田辺功のコラム「ココ(ノッツ)だけの話」
(393)接待なんて当たり前でしょうが
昔から何にも変わってないなあ、が新聞紙面を見ながらの感想です。同じような構成の記事が毎日のように続きます。菅義偉首相の息子さんに絡む総務省幹部の処分、そして元農水相の贈収賄事件に関連の農水省幹部の処分。表向きはないことになっている企業の官僚接待がまさに日本の文化の中枢に生き続けています。
私が現役の頃、政治部や経済部の記者は、毎日のように政治家や財界人、企業、官僚と飲み歩いていました。有利な扱いを求めての接待は当たり前。記者の多くもそれに加担していました。米国の大学の研究者が、ご馳走になれる上限額を超えるからと安い食事を注文し直したので驚いたこともあります。日本は欧米とは違う、と主張していた政治家や官僚も国際的な世論や事件に押され、仕方なく、欧米同様の倫理規程を作らざるを得なくなってしまいました。
それがきちんと守られているはずがありません。首相の息子がいたので断れなかった官僚が、首相本人や自民党幹部や大金持ちや著名人の席を断れるのでしょうか。現に農水省幹部は農水相と同席でしたが、副大臣や農水系の有力議員だったら断った、とも思えません。お金を払う業者さえいれば十分です。それに、コース料理をどうやったら牛丼並の値段だと錯覚できるかも不思議です。

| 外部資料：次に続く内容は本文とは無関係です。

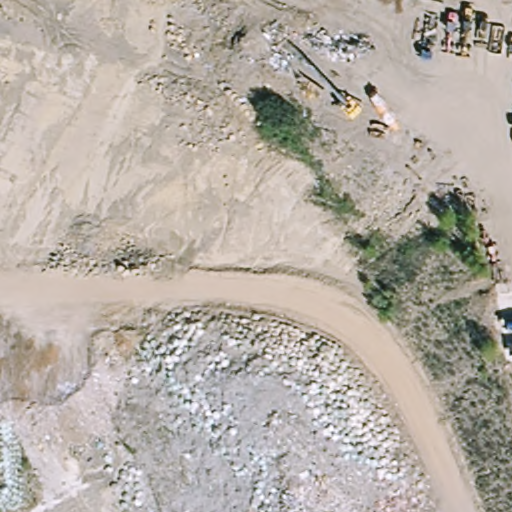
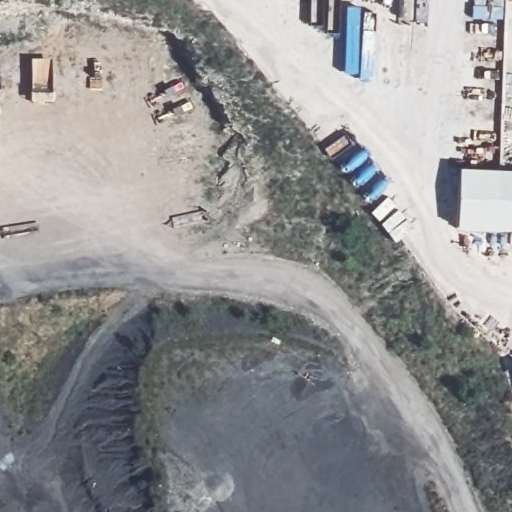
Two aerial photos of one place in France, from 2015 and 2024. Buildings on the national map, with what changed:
new [(512,232),(457,230),(458,170),(512,172),(512,232)]

見かけは欧米そっくりでも中身は骨抜き、といった法律や規程は少なくありません。担当官庁がその当事者に内部告発者を教えた事件への対応から公益通報者保護法ができましたが、名指しでなくても特定しやすい情報を教えるようなケースがしばしばあります。最近、一流企業の製品検査のいい加減さが明らかになっていますが、知っていても通報しないのが日本の企業人の常識なのでしょう。
また、業者の受注時の談合は禁止されているはずが、日常的に行われています。政治資金規制法の違反も収賄も政治家が「秘書まかせで私はまったく知らなかった」といえばそれで済むようになっています。どこまでが日本的、なのかはよく分かりませんけれど。